• [ACTION ITEM]: Copy everything in the records, character for character, except images.
────────────────
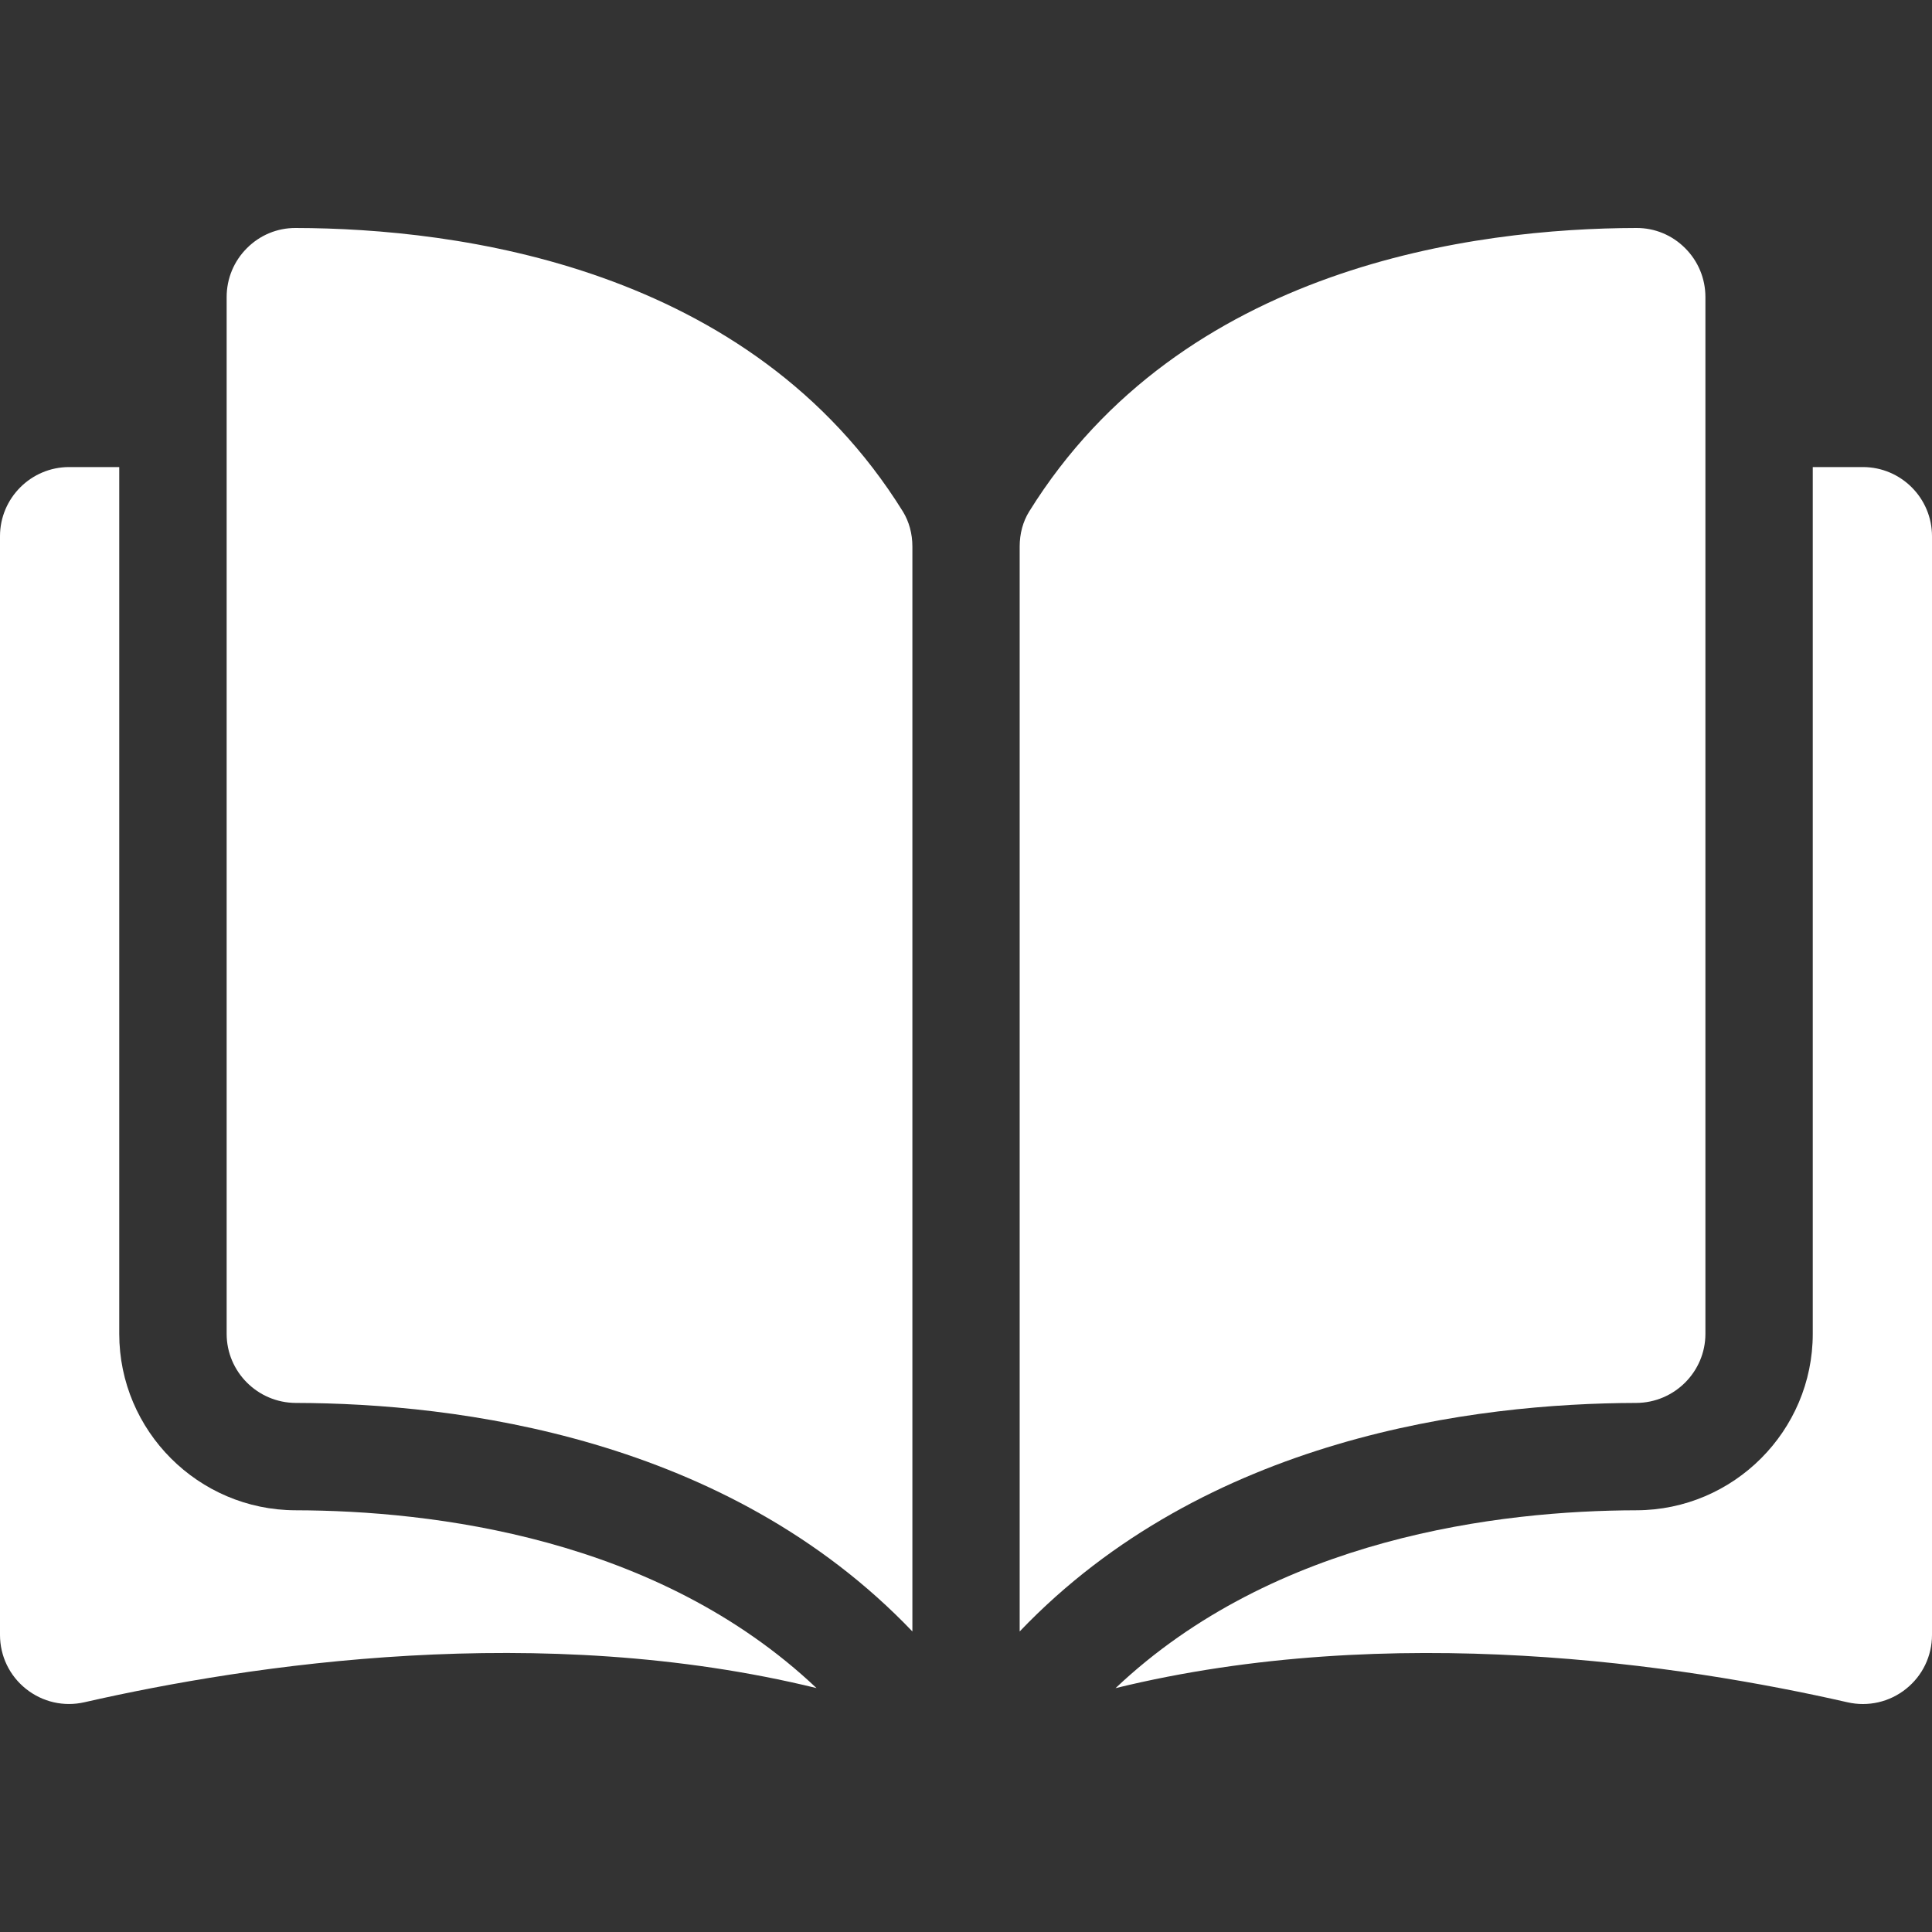<svg width="32" height="32" viewBox="0 0 32 32" fill="none" xmlns="http://www.w3.org/2000/svg">
<rect x="0" y="0" width="32" height="32" fill="#333333" stroke="none"/>
<path d="M4.896 3.776C4.895 3.776 4.894 3.776 4.893 3.776C4.591 3.776 4.306 3.894 4.091 4.109C3.874 4.325 3.754 4.614 3.754 4.921V22.092C3.754 22.722 4.268 23.235 4.9 23.237C7.566 23.243 12.031 23.799 15.112 27.022V9.053C15.112 8.839 15.057 8.639 14.955 8.473C12.426 4.401 7.567 3.782 4.896 3.776Z" fill="white"/>
<path d="M28.247 22.092V4.921C28.247 4.614 28.127 4.325 27.91 4.109C27.695 3.894 27.41 3.776 27.108 3.776C27.107 3.776 27.105 3.776 27.105 3.776C24.433 3.782 19.575 4.401 17.046 8.473C16.943 8.639 16.889 8.839 16.889 9.053V27.022C19.969 23.799 24.435 23.243 27.1 23.237C27.732 23.235 28.247 22.722 28.247 22.092Z" fill="white"/>
<path d="M30.855 7.736H30.025V22.092C30.025 23.7 28.715 25.011 27.105 25.015C24.844 25.02 21.117 25.462 18.477 27.961C23.043 26.843 27.856 27.57 30.599 28.195C30.942 28.273 31.296 28.192 31.57 27.973C31.843 27.755 32 27.429 32 27.079V8.881C32 8.25 31.487 7.736 30.855 7.736Z" fill="white"/>
<path d="M1.975 22.092V7.736H1.145C0.514 7.736 0 8.25 0 8.881V27.079C0 27.429 0.157 27.755 0.43 27.973C0.705 28.192 1.058 28.273 1.401 28.194C4.144 27.569 8.958 26.843 13.524 27.96C10.884 25.462 7.156 25.02 4.895 25.015C3.285 25.011 1.975 23.7 1.975 22.092Z" fill="white"/>
</svg>
────────────────
• [YOUR RESPONSE]:
<svg width="32" height="32" viewBox="0 0 32 32" fill="none" xmlns="http://www.w3.org/2000/svg">
<rect x="0" y="0" width="32" height="32" fill="#333333" stroke="none"/>
<path d="M4.896 3.776C4.895 3.776 4.894 3.776 4.893 3.776C4.591 3.776 4.306 3.894 4.091 4.109C3.874 4.325 3.754 4.614 3.754 4.921V22.092C3.754 22.722 4.268 23.235 4.9 23.237C7.566 23.243 12.031 23.799 15.112 27.022V9.053C15.112 8.839 15.057 8.639 14.955 8.473C12.426 4.401 7.567 3.782 4.896 3.776Z" fill="white"/>
<path d="M28.247 22.092V4.921C28.247 4.614 28.127 4.325 27.91 4.109C27.695 3.894 27.41 3.776 27.108 3.776C27.107 3.776 27.105 3.776 27.105 3.776C24.433 3.782 19.575 4.401 17.046 8.473C16.943 8.639 16.889 8.839 16.889 9.053V27.022C19.969 23.799 24.435 23.243 27.1 23.237C27.732 23.235 28.247 22.722 28.247 22.092Z" fill="white"/>
<path d="M30.855 7.736H30.025V22.092C30.025 23.7 28.715 25.011 27.105 25.015C24.844 25.02 21.117 25.462 18.477 27.961C23.043 26.843 27.856 27.57 30.599 28.195C30.942 28.273 31.296 28.192 31.57 27.973C31.843 27.755 32 27.429 32 27.079V8.881C32 8.25 31.487 7.736 30.855 7.736Z" fill="white"/>
<path d="M1.975 22.092V7.736H1.145C0.514 7.736 0 8.25 0 8.881V27.079C0 27.429 0.157 27.755 0.43 27.973C0.705 28.192 1.058 28.273 1.401 28.194C4.144 27.569 8.958 26.843 13.524 27.96C10.884 25.462 7.156 25.02 4.895 25.015C3.285 25.011 1.975 23.7 1.975 22.092Z" fill="white"/>
</svg>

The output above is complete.